Symptoms
I’ve run the script collectPerformanceData.sh and shared the data with CloudBees Support. What is this and how does it help us understand what’s causing my controller’s CPU to spike?
Diagnosis/Treatment
The script collectPerformanceData.sh uses seven common tools top, vmstat, netstat, nfsstat, nfsiostat, iostat,
and jstack
to capture diagnostic information.
Run with the default values of a 60 second duration and an interval of 5 seconds, each tool will be invoked 12 times evenly spread over one minute. Simply taking one data point would not provide a complete picture of what’s causing the CPU to spike. Increasing the duration of the test to 5 minutes or more is often desirable.
If you were to extract the bundle which you share with CloudBees Support, there is a directory for the output of each tool.
But how exactly can you use this?
One example of how this data can be correlated to gain a better understanding of what is causing high CPU values is with top
and jstack
.
First, let’s investigate the topOutput folder. Each file in this folder captures the output of running the top command. The %CPU value is the ninth column in each file.
PID USER PR NI VIRT RES SHR S %CPU %MEM TIME+ COMMAND 4323 jenkins+ 20 0 17.9g 15g 17m S 335.3 64.0 36:35.87 /etc/alternatives/java -D...
Let’s find when the controller’s CPU peaked during our test. To do this, we must filter out all other processes
so we can compare the Jenkins java process over the course of our test. We know the process id as we used
this when we invoked the script. Combining the process id and the process owner (typically jenkins), we
can use grep
to see only the processes we are interested in:
grep -H "4323 jenkins" *.txt
Or to make comparison easier to do, we can remove the arguments to the java command.
grep "4323 jenkins" *.txt | sed -e 's/java .*//' topOutput.20180925112257.txt: 4323 jenkins+ 20 0 17.9g 15g 17m S 98.4 64.0 36:33.79 /etc/alternatives/ topOutput.20180925112318.txt: 4323 jenkins+ 20 0 17.9g 15g 17m S 240.5 64.0 36:34.31 /etc/alternatives/ topOutput.20180925112339.txt: 4323 jenkins+ 20 0 17.9g 15g 17m S 96.5 64.0 36:34.84 /etc/alternatives/ topOutput.20180925112359.txt: 4323 jenkins+ 20 0 17.9g 15g 17m S 335.3 64.0 36:35.35 /etc/alternatives/ topOutput.20180925112420.txt: 4323 jenkins+ 20 0 17.9g 15g 17m S 110.4 64.0 36:35.87 /etc/alternatives/
Taking the above output as an example, we see the %CPU spiked to it’s highest point with the collection timestamped at 20180925112359. So what was happening at that time?
The next step is to look at the threads running at that time.
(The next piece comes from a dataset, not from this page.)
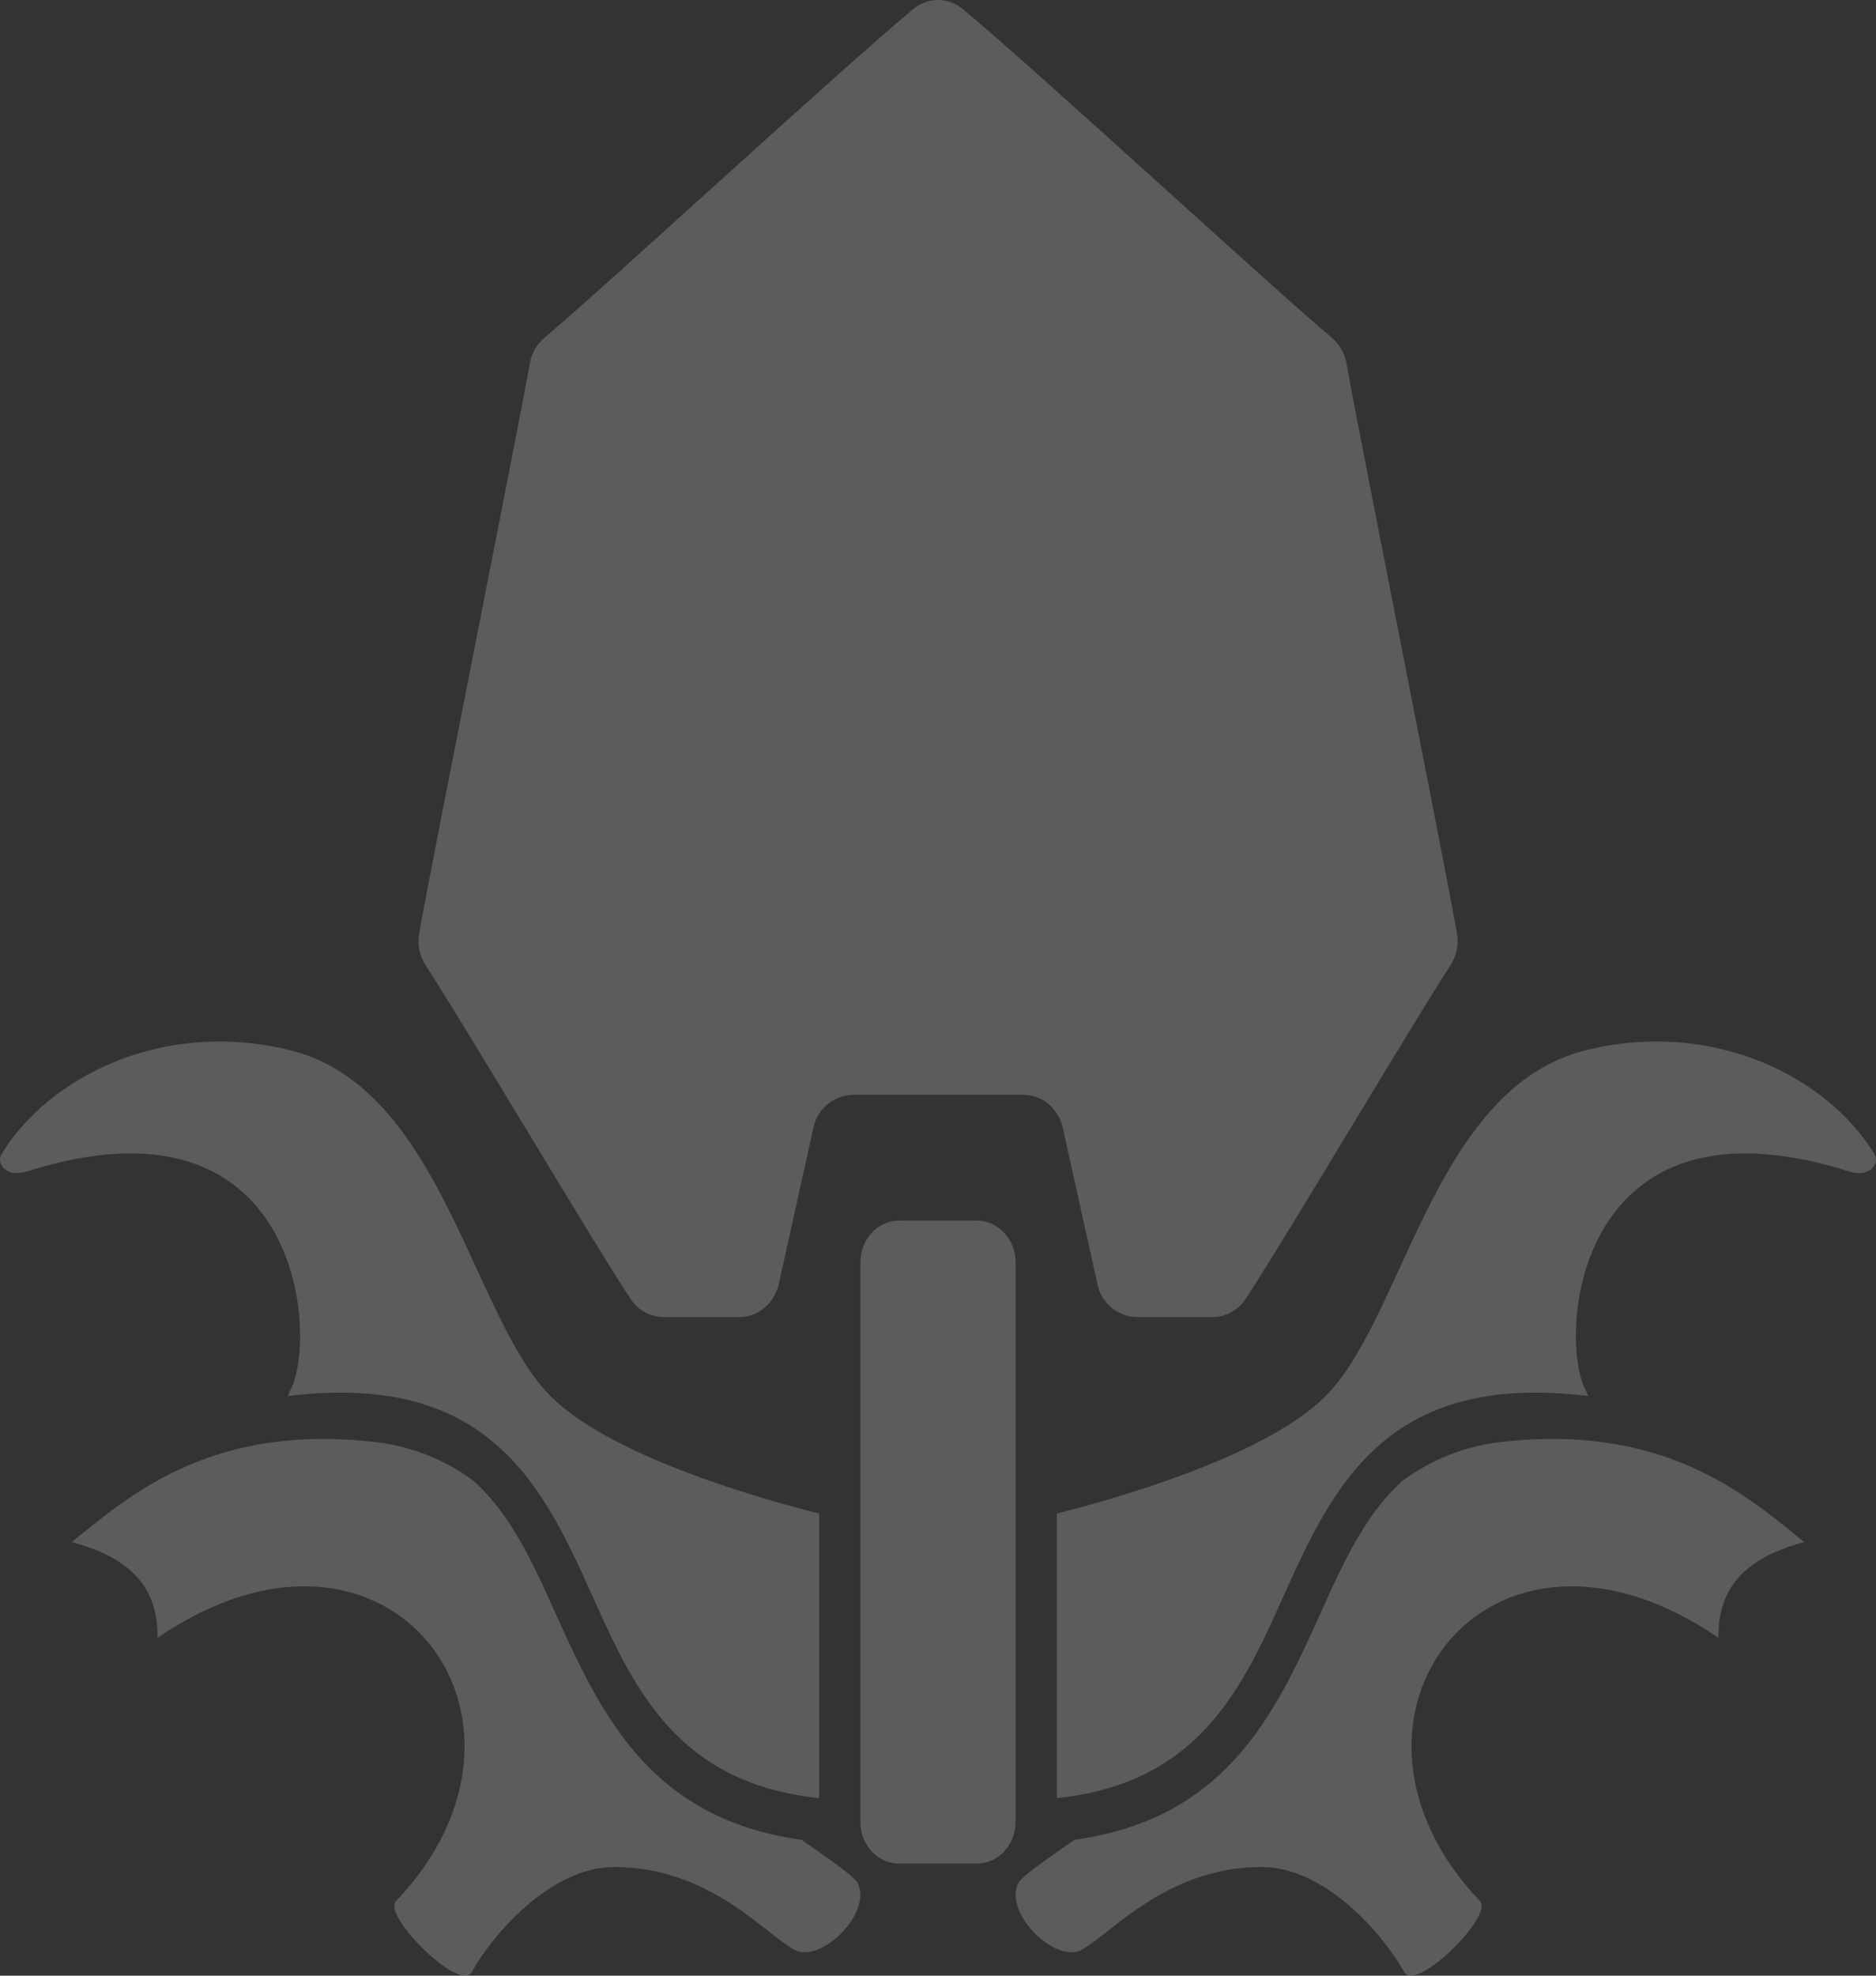 <svg width="19" height="20" viewBox="0 0 19 20" fill="none" xmlns="http://www.w3.org/2000/svg">
<rect x="0" y="0" width="19" height="20" fill="#333333" stroke="none"/>
<path d="M4.795 14.99C4.513 14.781 4.183 14.648 3.835 14.602C2.167 14.398 1.329 15.12 0.728 15.61C1.192 15.738 1.607 15.974 1.595 16.58C3.942 14.975 5.754 17.42 4.01 19.246C3.87 19.393 4.66 20.175 4.777 19.964C4.98 19.599 5.567 18.9 6.222 18.9C7.186 18.9 7.751 19.58 8.045 19.738C8.312 19.882 8.838 19.366 8.687 19.063C8.657 19.003 8.458 18.859 8.118 18.625C6.711 18.428 6.183 17.532 5.748 16.599C5.472 16.006 5.245 15.394 4.795 14.99ZM14.205 14.99C14.487 14.781 14.817 14.648 15.165 14.602C16.833 14.398 17.672 15.12 18.272 15.61C17.808 15.738 17.393 15.974 17.405 16.58C15.058 14.975 13.247 17.42 14.99 19.246C15.13 19.393 14.34 20.175 14.222 19.964C14.02 19.599 13.432 18.9 12.778 18.9C11.813 18.9 11.249 19.58 10.955 19.738C10.688 19.882 10.162 19.366 10.313 19.063C10.343 19.003 10.542 18.859 10.882 18.625C12.289 18.428 12.817 17.532 13.252 16.599C13.528 16.006 13.755 15.394 14.205 14.99ZM10.286 12.779C10.286 12.546 10.111 12.356 9.894 12.356H9.106C8.889 12.356 8.714 12.546 8.714 12.779V18.444C8.714 18.676 8.889 18.865 9.106 18.865H9.894C10.11 18.865 10.286 18.676 10.286 18.444V12.779ZM8.297 15.322C7.744 15.183 6.223 14.759 5.595 14.152C4.781 13.368 4.488 11.017 2.94 10.632C1.65 10.312 0.492 10.902 0.016 11.682C-0.044 11.783 0.071 11.923 0.268 11.86C3.054 10.976 3.225 13.534 2.94 14.075C2.93 14.093 2.922 14.112 2.916 14.132C3.786 14.026 4.378 14.175 4.809 14.46C5.256 14.754 5.541 15.198 5.784 15.691C6.299 16.733 6.606 18.026 8.297 18.203V15.323V15.322ZM10.703 15.322C11.256 15.183 12.777 14.759 13.406 14.152C14.218 13.368 14.512 11.017 16.06 10.632C17.35 10.312 18.508 10.902 18.984 11.682C19.044 11.783 18.929 11.923 18.732 11.86C15.946 10.976 15.775 13.534 16.06 14.075C16.07 14.093 16.078 14.112 16.084 14.132C15.214 14.026 14.622 14.175 14.191 14.46C13.744 14.754 13.459 15.198 13.216 15.691C12.701 16.733 12.394 18.026 10.703 18.203V15.323V15.322Z" fill="white" fill-opacity="0.2"/>
<path d="M9.754 0.093C9.683 0.033 9.593 0 9.501 0C9.408 0 9.318 0.033 9.248 0.093C8.462 0.747 6.081 2.946 5.516 3.417C5.436 3.484 5.383 3.577 5.366 3.679C5.204 4.574 4.417 8.496 4.246 9.443C4.225 9.559 4.249 9.678 4.313 9.776C4.683 10.34 5.978 12.528 6.384 13.146C6.42 13.203 6.469 13.25 6.528 13.282C6.587 13.315 6.653 13.332 6.72 13.333H7.488C7.678 13.333 7.844 13.193 7.888 12.996L8.238 11.419C8.256 11.326 8.305 11.242 8.378 11.181C8.451 11.12 8.542 11.085 8.637 11.083H10.365C10.555 11.083 10.721 11.222 10.764 11.419L11.114 12.996C11.132 13.09 11.181 13.174 11.254 13.235C11.327 13.297 11.418 13.331 11.514 13.333H12.282C12.415 13.333 12.541 13.263 12.618 13.146C13.024 12.528 14.318 10.34 14.688 9.776C14.752 9.678 14.776 9.559 14.755 9.443C14.585 8.496 13.798 4.573 13.637 3.679C13.62 3.577 13.566 3.484 13.487 3.417C12.921 2.946 10.538 0.747 9.753 0.093H9.754Z" fill="white" fill-opacity="0.2"/>
</svg>

Inside the topdashHOutput folder, open the corresponding topdashHOutput file which has the same timestamp in its name. The naming convention is "topdashHOutput.PID.timestamp.txt". In our example, this is topdashHOutput.4323.20180925112359.txt. The topdashHOutput files list the java process’s threads ordered by the highest CPU usage.
PID USER PR NI VIRT RES SHR S %CPU %MEM TIME+ COMMAND 20379 jenkins+ 20 0 17.9g 15g 17m R 89.2 64.0 248:38.86 java
At this point, we can correlate the thread with PID 20379 to the data collected from jstack. Open the file jstack.4323.20180925112359.txt located in the jstack folder.
To make this correlation, we need to convert the PID value 20379 to hex. We can use printf "%x\n" 20379
to do this, which gives us 4f98. We then prepend '0x' so that we have 0x4f98. Now we use grep
to find the
thread who’s 'nid' value is 0x4f98 in the jstack file.
"Gang worker#0 (Parallel GC Threads)" os_prio=0 tid=0x00007f2558caa800 nid=0x4f98 runnable
So, in this example, we see that the CPU was spiking due to garbage collection! And that’s how easy it is to get a quick insight into what was contributing to high CPU levels.